Mondéjar DOP
- Mondéjar DOP in the province of Guadalajara in the region of Castile-La Mancha
- Official name: D.O.P. Mondéjar
- Type: Denominación de Origen Protegida (DOP)
- Year established: 1996
- Country: Spain
- Size of planted vineyards: 446 hectares (1,102 acres)
- No. of wineries: 2
- Wine produced: 1,519 hectolitres
- Comments: Data for 2016 / 2017

= Mondéjar (DO) =

Wine-growing region in central Spain

Mondéjar is a Spanish Denominación de Origen Protegida (DOP) for wines located in the southeast corner of the province of Guadalajara (Castile-La Mancha, Spain), around the town of Mondéjar. It covers 19 municipalities, the most important one being Sacedón.

==History==
Wine has been produced in this area for centuries, due to the strategic position that Mondéjar occupies on the road between Madrid and Valencia. The traditional market for the wines was strictly local. Originally, Mondéjar wines were classified as Vinos de la Tierra, but they acquired official DO status in 1997.

==Climate==
Surprisingly, despite being in the centre of the Iberian peninsula, the area around Mondéjar possesses a Mediterranean climate due to the easterly winds and the altitude. Even so, temperatures in summer are high (40°C max) and low in winter (-8°C max) with strong possibilities of frost even in April. Average annual rainfall is 500 mm.

==Soils==
The land covered by Mondéjar DOP is generally gentle rolling hills. It borders on the Vinos de Madrid DOP to the west and on the La Mancha DOP to the south.
The vineyards are at a height of about 800 m above sea level. In the southeast, around the town of Mondéjar itself, the vines are planted on red soil on lime bearing clay sediments, not very rocky and rich in potassium. In the north, around the town of Sacedón, the soils are dark, on marl, sandy and poor in nitrogen, magnesium and phosphates. In both zones, the subsoil is deep, has good permeability and is poor in organic matter.

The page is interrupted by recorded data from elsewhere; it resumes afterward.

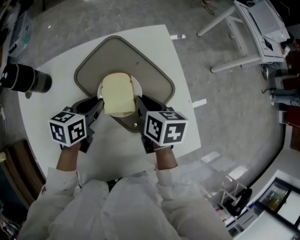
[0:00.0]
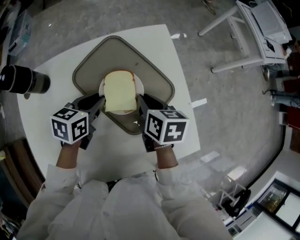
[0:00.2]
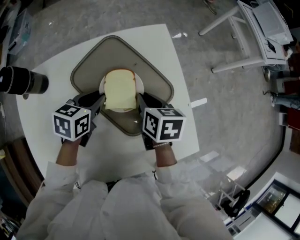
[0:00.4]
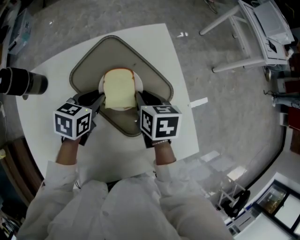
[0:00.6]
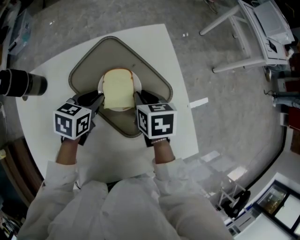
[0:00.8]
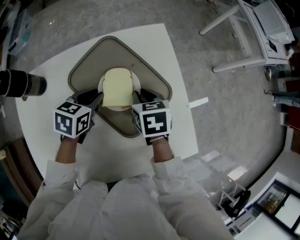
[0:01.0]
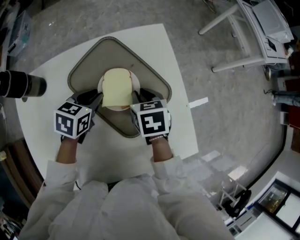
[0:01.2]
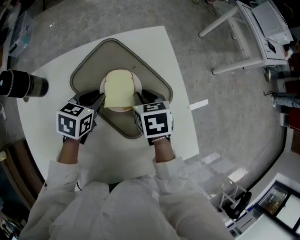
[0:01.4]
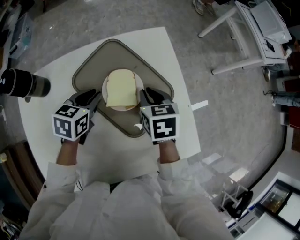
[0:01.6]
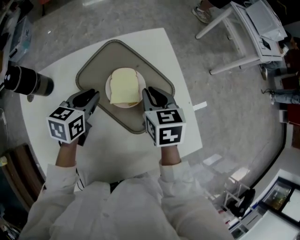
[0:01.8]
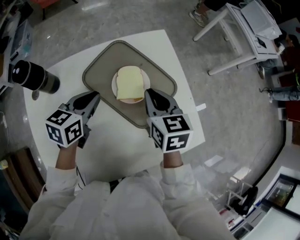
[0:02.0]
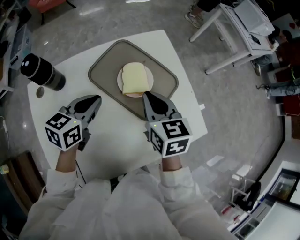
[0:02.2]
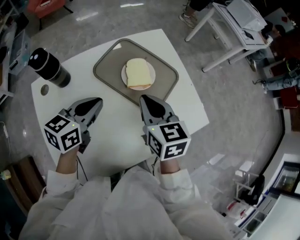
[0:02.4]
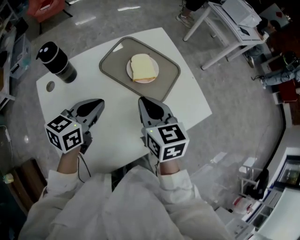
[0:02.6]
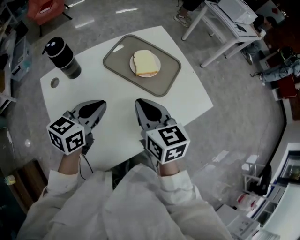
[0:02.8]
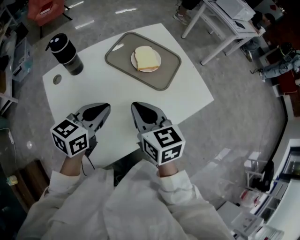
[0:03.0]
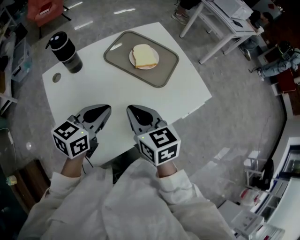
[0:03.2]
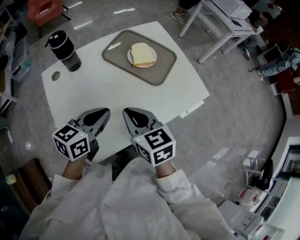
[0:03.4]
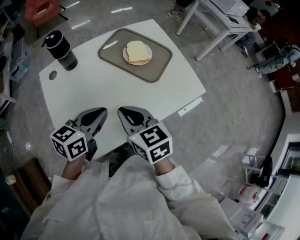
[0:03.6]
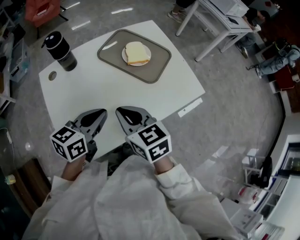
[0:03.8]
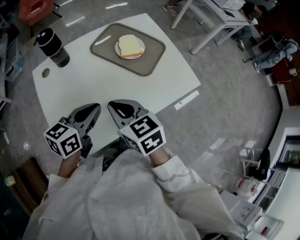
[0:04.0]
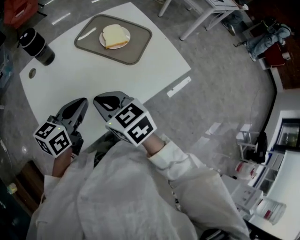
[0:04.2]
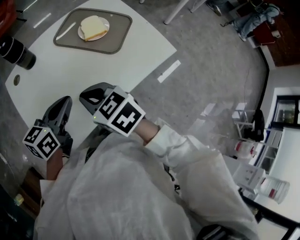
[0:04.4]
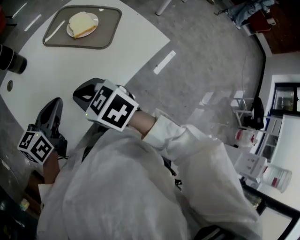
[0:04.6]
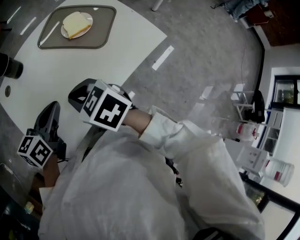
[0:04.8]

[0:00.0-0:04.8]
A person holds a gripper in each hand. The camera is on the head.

==Authorised Grape Varieties==
The authorised grape varieties are:
- Red: Tempranillo, Cabernet Sauvignon, Syrah, and Garnacha

- White: Macabeo, Malvar, Sauvignon Blanc, and Torrontés

==Viticulture==
The first leaf burst on the vines is in mid-March and the leaves start to fall at the beginning of November. 50% of the vines covered by the DOP are over 25 years old and produce an average of 5–6 kg/vine. The vine planting density is low at an average of 1,100 vines/ha.